(THE DATA):
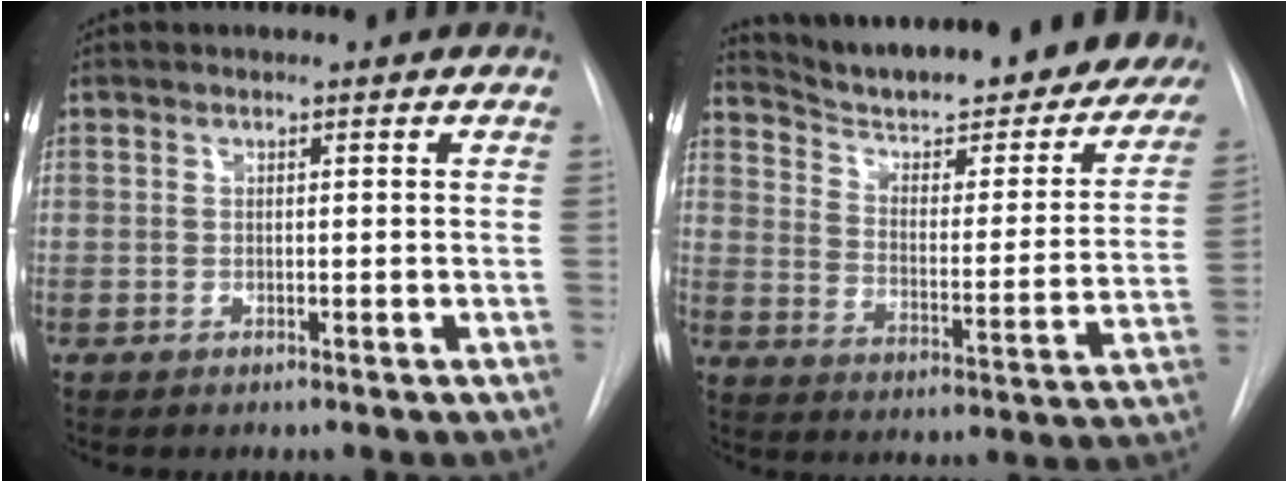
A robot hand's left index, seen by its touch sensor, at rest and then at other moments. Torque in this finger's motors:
{"motor_torque": [0.02, -1.01, 0.36, 0.07]}
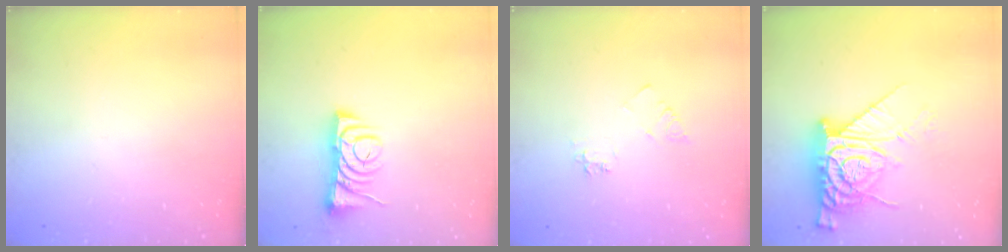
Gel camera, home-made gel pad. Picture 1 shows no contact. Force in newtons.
{"total": 9.8, "press": 9.7, "slide": 1.1}
{"total": 4.6, "press": 4.6, "slide": 0.5}
{"total": 13.0, "press": 12.9, "slide": 1.0}
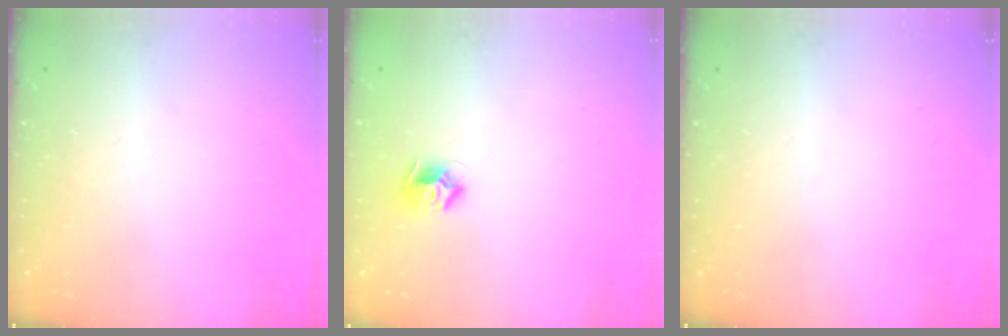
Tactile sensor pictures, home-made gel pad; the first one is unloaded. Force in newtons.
{"total": 8.1, "press": 8.1, "slide": 0.2}
{"total": 0.0}
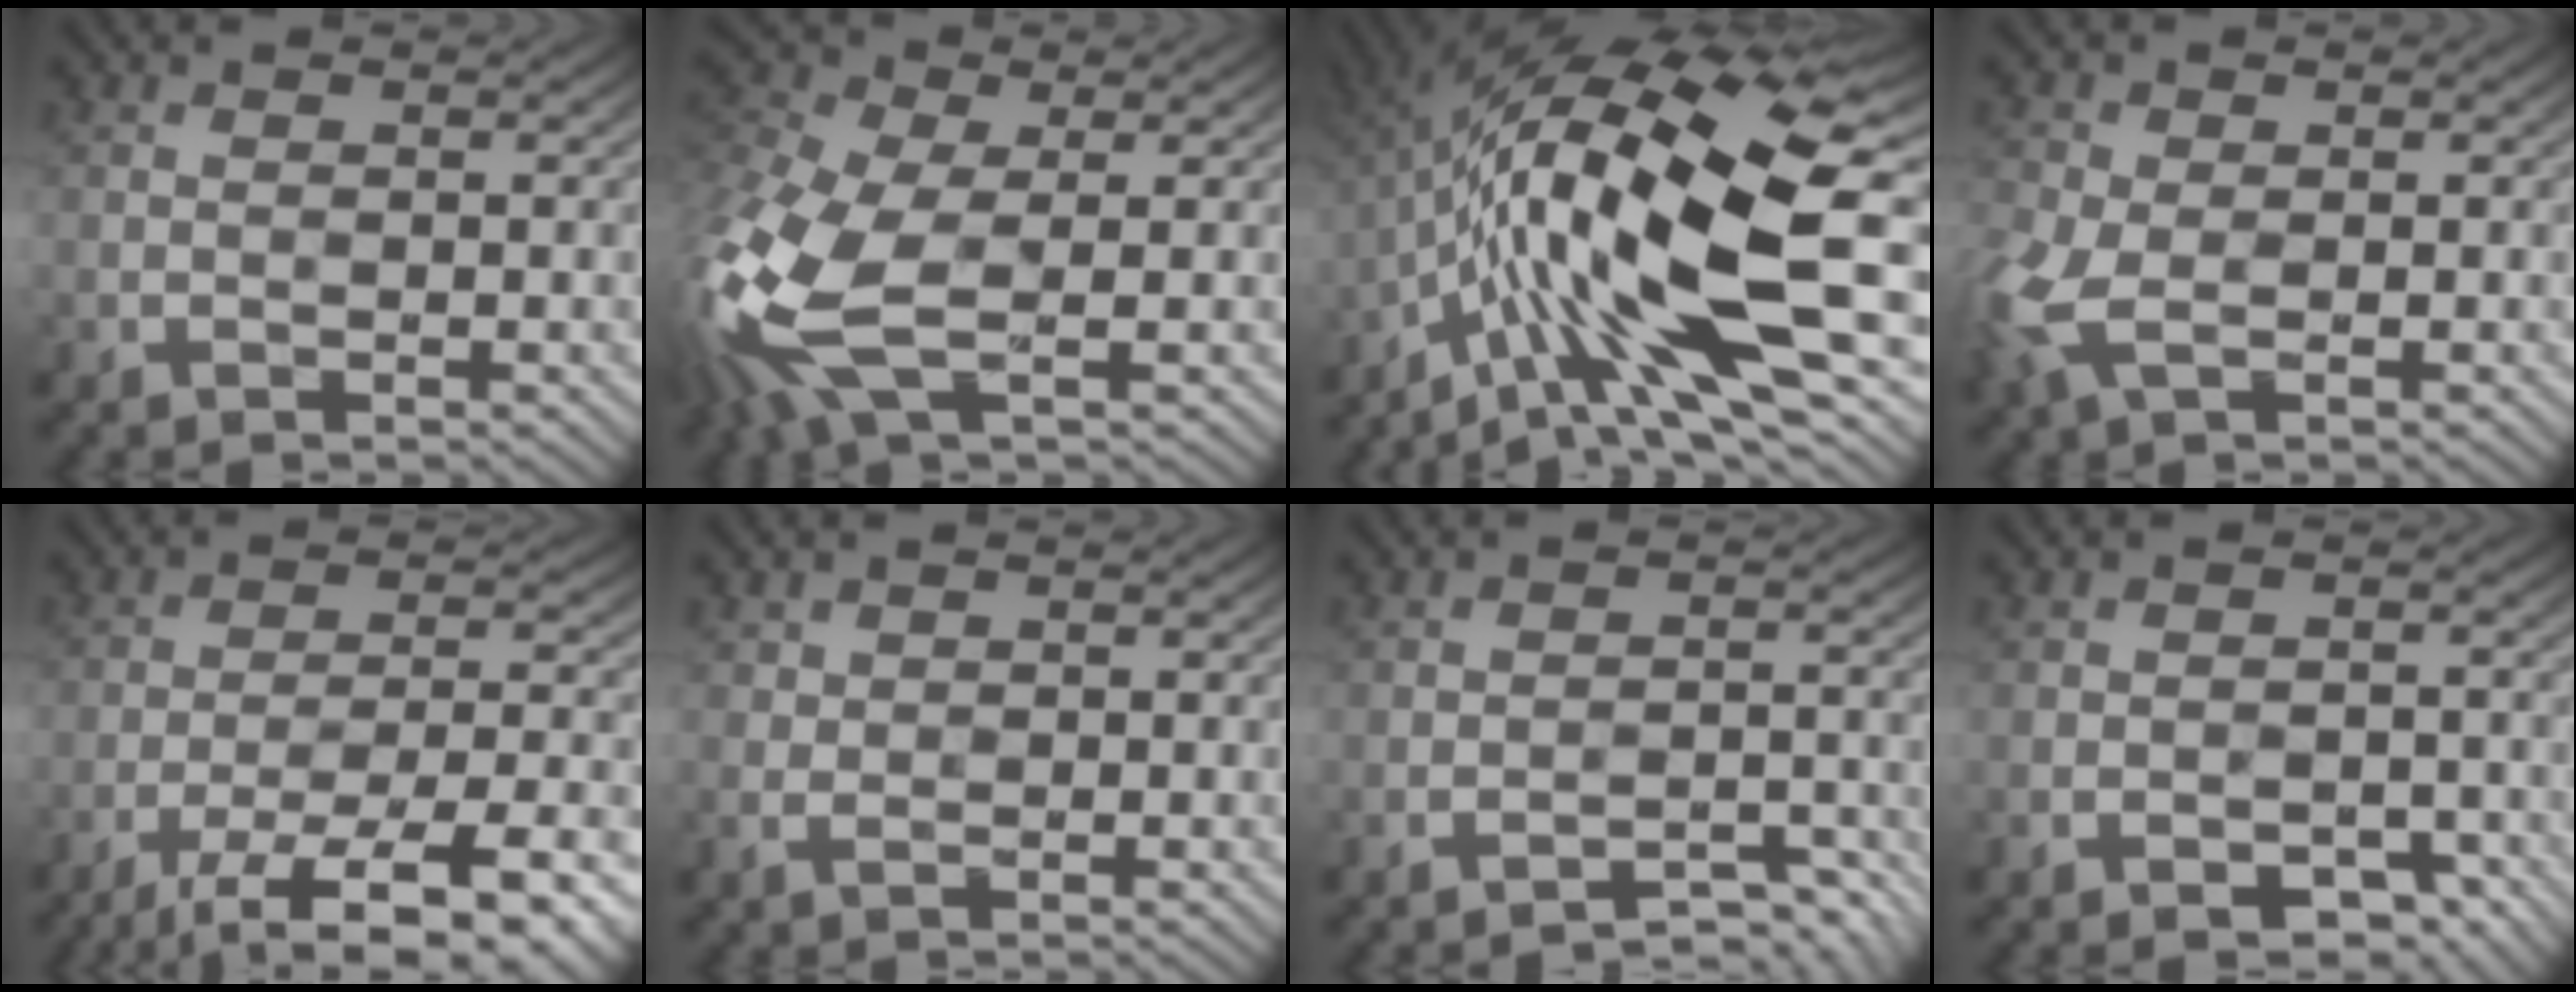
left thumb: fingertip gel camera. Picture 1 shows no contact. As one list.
[{"total": 12.6, "force": [-3.3, 6.5, 10.2], "torque": [-0.290, -0.028, -0.063]}, {"total": 18.8, "force": [-2.4, 6.2, 17.6], "torque": [-0.316, 0.009, -0.049]}, {"total": 6.3, "force": [-2.1, 3.9, 4.5], "torque": [-0.129, -0.016, -0.044]}, {"total": 12.1, "force": [-8.3, 3.1, 8.2], "torque": [-0.143, -0.010, -0.121]}, {"total": 2.3, "force": [-0.4, 2.0, 1.2], "torque": [-0.028, -0.007, -0.007]}, {"total": 4.7, "force": [-4.3, 0.8, 1.9], "torque": [-0.030, 0.002, -0.057]}, {"total": 4.8, "force": [-3.4, 2.4, 2.2], "torque": [-0.027, 0.010, -0.038]}]
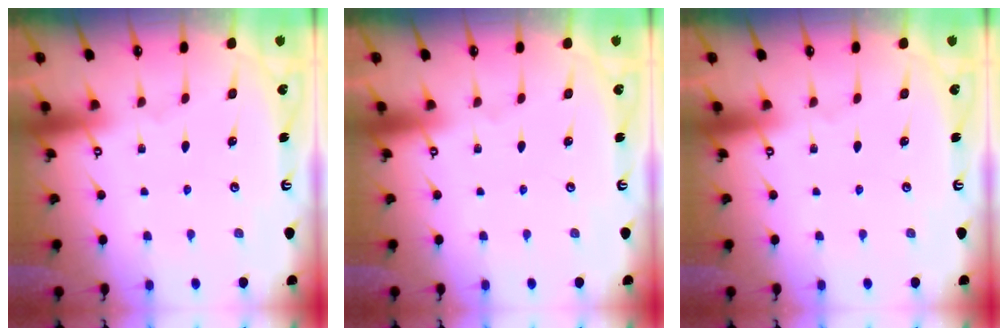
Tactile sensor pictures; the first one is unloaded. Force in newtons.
{"total": 0.0}
{"total": 0.0}
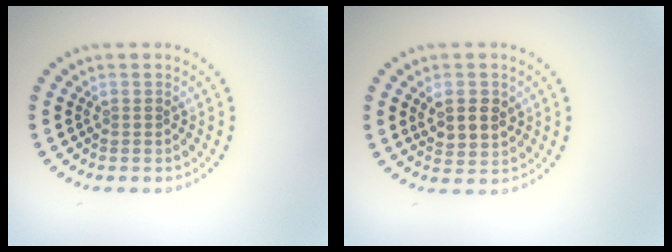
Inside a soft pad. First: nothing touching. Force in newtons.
{"total": 3.2, "press": 3.1, "slide": 0.6}
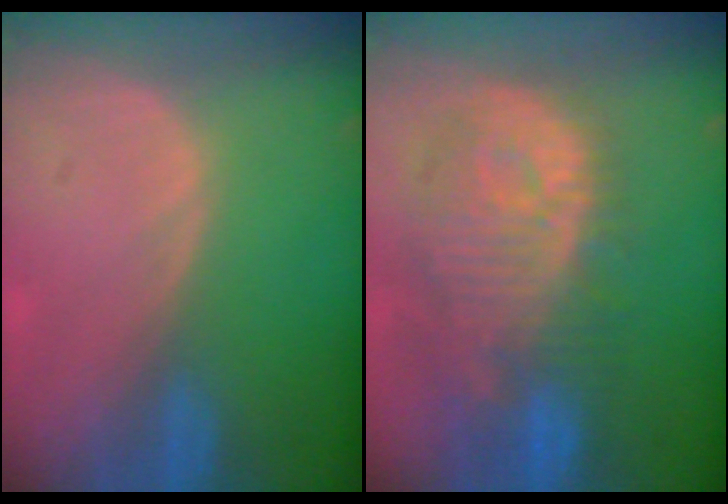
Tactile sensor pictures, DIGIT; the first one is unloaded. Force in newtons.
{"total": 12.2, "press": 11.0, "slide": 5.1}
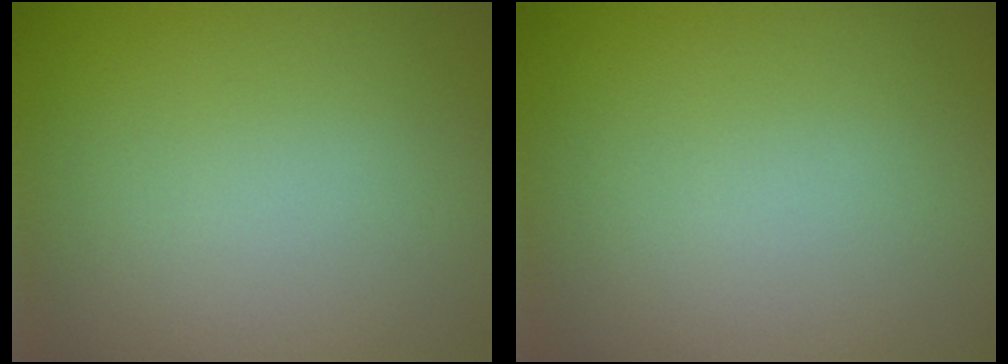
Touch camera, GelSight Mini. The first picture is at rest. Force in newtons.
{"total": 0.0}
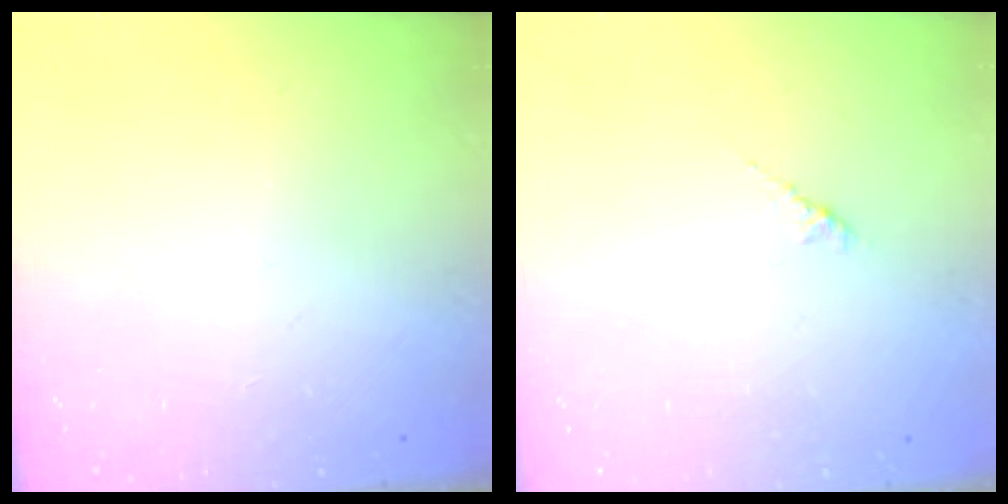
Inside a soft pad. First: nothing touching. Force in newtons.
{"total": 1.5, "press": 1.4, "slide": 0.5}
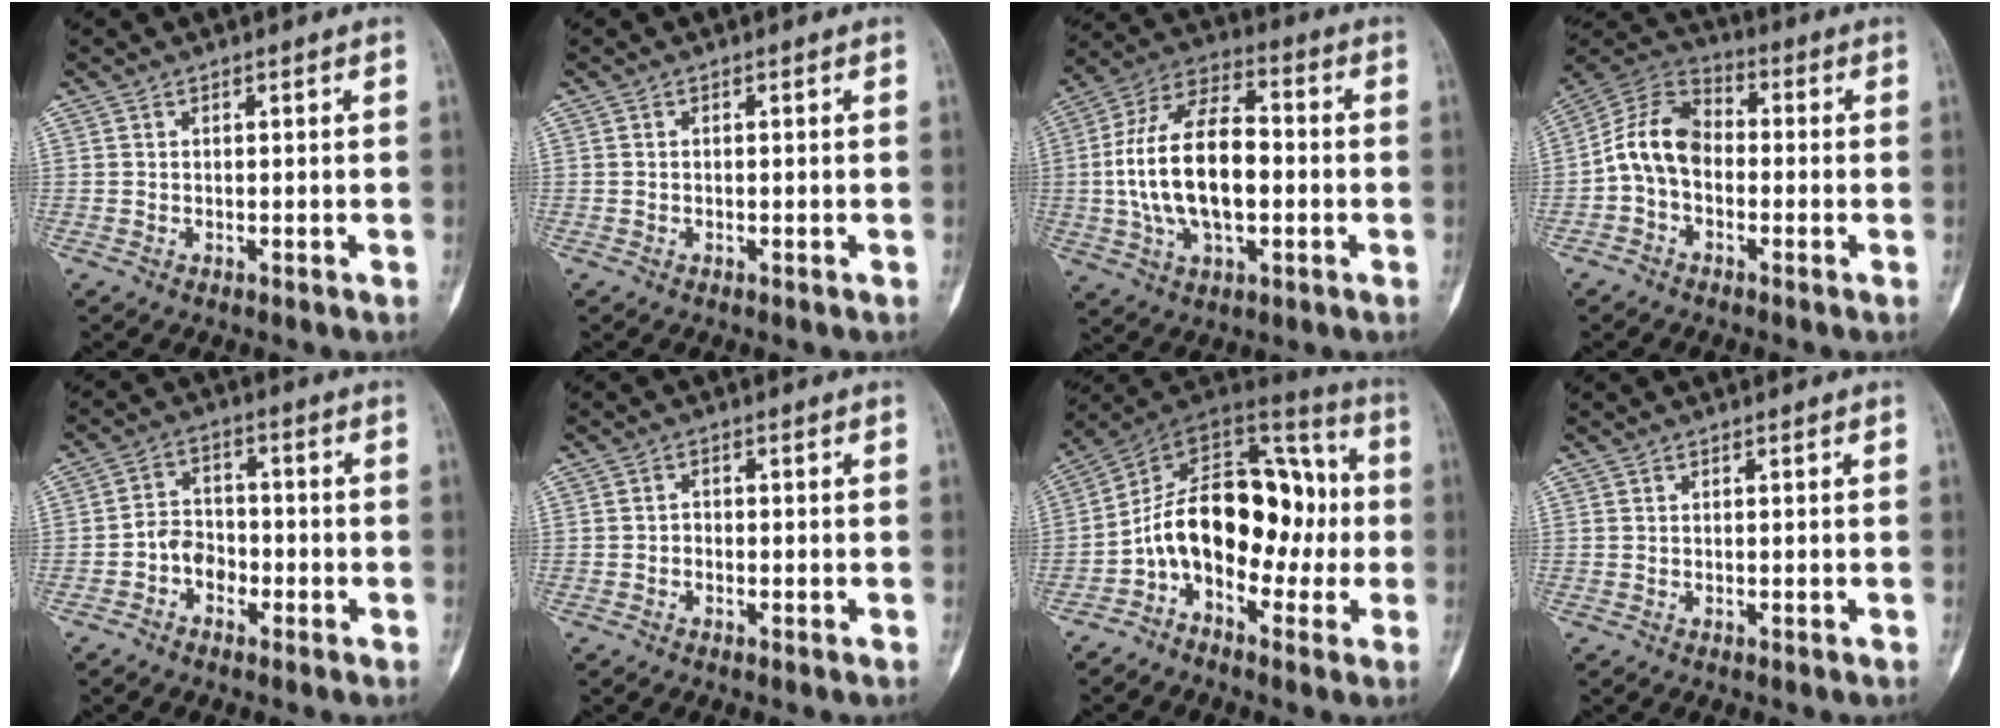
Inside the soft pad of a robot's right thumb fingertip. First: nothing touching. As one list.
[{"total": 0.0}, {"total": 18.6, "force": [-1.1, 9.9, 15.7], "torque": [-0.291, 0.029, -0.020]}, {"total": 10.6, "force": [-1.6, 7.5, 7.3], "torque": [-0.125, 0.036, -0.044]}, {"total": 5.3, "force": [-2.3, 4.2, 2.4], "torque": [-0.019, 0.025, -0.050]}, {"total": 1.2, "force": [-0.6, 0.9, 0.5], "torque": [0.003, 0.006, -0.015]}, {"total": 18.7, "force": [-2.7, 11.9, 14.1], "torque": [-0.186, 0.079, -0.053]}, {"total": 0.0}]

(PROBLEM):
Please output the lines of the records above from the one with "Tactile sensor pictures, DIGIT;" through the last, exactly as they appear and with both ends included; skip any pictures and add nothing.

(RESULT BELOW):
Tactile sensor pictures, DIGIT; the first one is unloaded. Force in newtons.
{"total": 12.2, "press": 11.0, "slide": 5.1}
Touch camera, GelSight Mini. The first picture is at rest. Force in newtons.
{"total": 0.0}
Inside a soft pad. First: nothing touching. Force in newtons.
{"total": 1.5, "press": 1.4, "slide": 0.5}
Inside the soft pad of a robot's right thumb fingertip. First: nothing touching. As one list.
[{"total": 0.0}, {"total": 18.6, "force": [-1.1, 9.9, 15.7], "torque": [-0.291, 0.029, -0.020]}, {"total": 10.6, "force": [-1.6, 7.5, 7.3], "torque": [-0.125, 0.036, -0.044]}, {"total": 5.3, "force": [-2.3, 4.2, 2.4], "torque": [-0.019, 0.025, -0.050]}, {"total": 1.2, "force": [-0.6, 0.9, 0.5], "torque": [0.003, 0.006, -0.015]}, {"total": 18.7, "force": [-2.7, 11.9, 14.1], "torque": [-0.186, 0.079, -0.053]}, {"total": 0.0}]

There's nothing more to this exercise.